By every polling measure Biden is on cruise control. But, if you look at the horse-race narrative you would assume Trump is winning. Voter registration numbers, the economy, unemployment, Gallup’s survey saying 56 percent of Americans feel better off than four years ago, the enthusiasm at Trump rallies, etc. Yet, this election is set to be a massive blow-out.

This, again, goes back to what do you believe. The horse-race or the polls? Both industries, and they are industries, have an incentive to pretend the race is close. The media which drives the horse-race narrative needs to keep interest in the contest so they tell us how close it is. Pollsters want their numbers to be right so they maintain public trust.

One has to be wrong and the other right. Either the assumptions the polls are built on are wrong (and it would be a massive, pervasive bias toward Democrats far surpassing 2014) or the horse-race narrative is off.

It probably is not that simple.
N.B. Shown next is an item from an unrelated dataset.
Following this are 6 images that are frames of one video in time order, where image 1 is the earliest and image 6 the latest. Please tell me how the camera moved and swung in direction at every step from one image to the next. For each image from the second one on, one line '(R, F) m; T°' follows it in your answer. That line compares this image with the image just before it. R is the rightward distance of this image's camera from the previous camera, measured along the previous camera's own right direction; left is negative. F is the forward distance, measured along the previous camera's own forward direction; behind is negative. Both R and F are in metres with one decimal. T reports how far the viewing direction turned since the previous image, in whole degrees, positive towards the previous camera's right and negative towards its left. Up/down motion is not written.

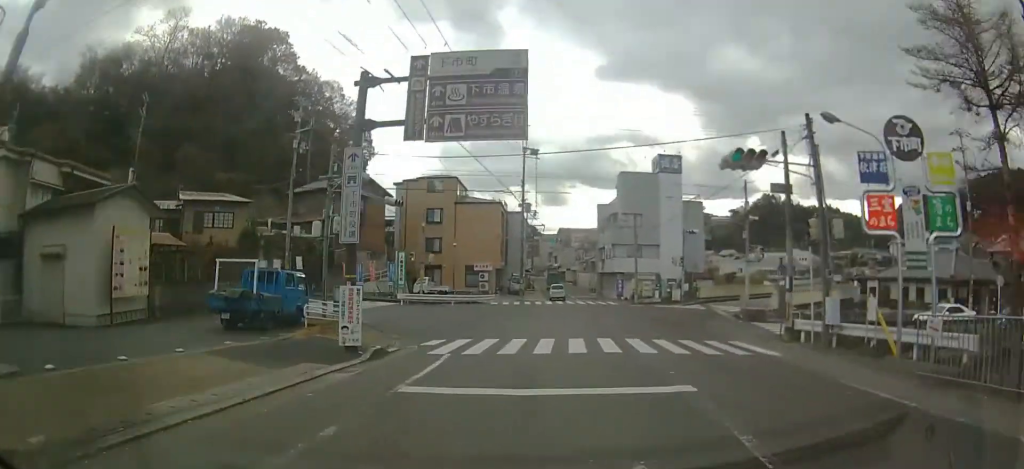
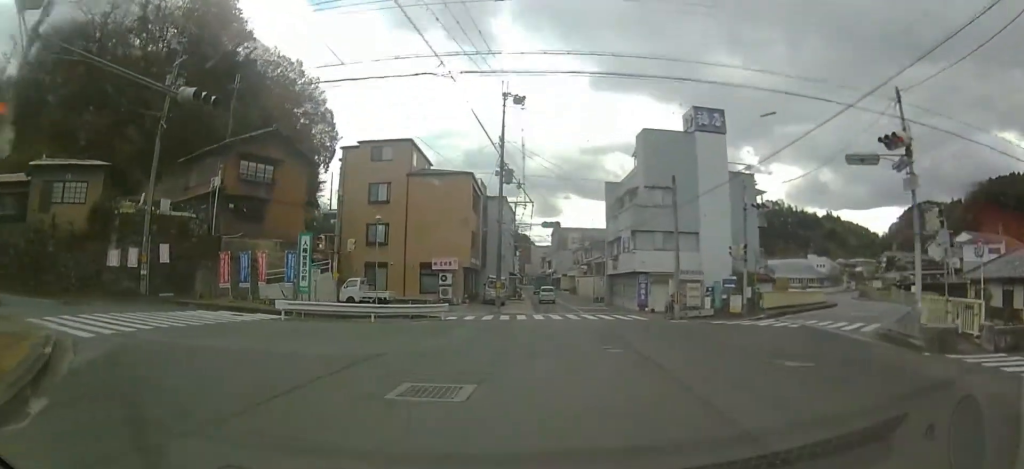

Rather, for example, registration numbers could be continuations of trends we saw in 2016 whereby Republican registration gains in swing states are largely being driven by older, blue-collar white registered Democrats who have voted Republican for a long, long time. Or suburban Independents consistently now vote Democratic but just have not changed their affiliation.

On the polls, perhaps it is what Sean Trende described when he said “Who are these people that approve of the job he’s doing (in reference to Trump’s job approval ratings being higher than his numbers against Biden but aren’t going to vote for him?” Perhaps they are people who are going to end up voting for the president, no matter what they may say now. “There are people who like his policies, but hate his persona. But it could also be that these are voters who are saying they’re undecided, but they really aren’t.” In other words, the shy Trump voter. Or, that the polls simply are not hitting the geographic concentration of Trump’s support.

These polling misses or shy responses would not mean the entire polling model is wrong but rather the massive lead it seems Biden has is not as strong as it appears. For some perspective to prove the point, the same Rasmussen poll cited above gives Biden his twelve point lead largely because he carries 20 percent of Republicans. Take that way and the lead drops to 3 -5 points. or it could even be the bandwagon effect whereby a focus on polling based coverage tends to discourage supporters of one candidate while enthusing the others or driving some voters to adjust their response at the time to be part of the winning team (but once in the ballot box they return to form).

The albatross which cannot be colored over is COVID. Trump has bungled his response, at least from a PR perspective. Biden isn’t really proposing to do anything different than the President. Rather, he just is more empathetic and sounds nice. Which works for about six months – just ask Obama in 2009 and 2010.

So, which do you believe? A close race indicated by the horse-race analysis or the polling narrative of an FDR sized victory for Biden? Whatever you believe, none of us will probably even know by the end of the night of the election.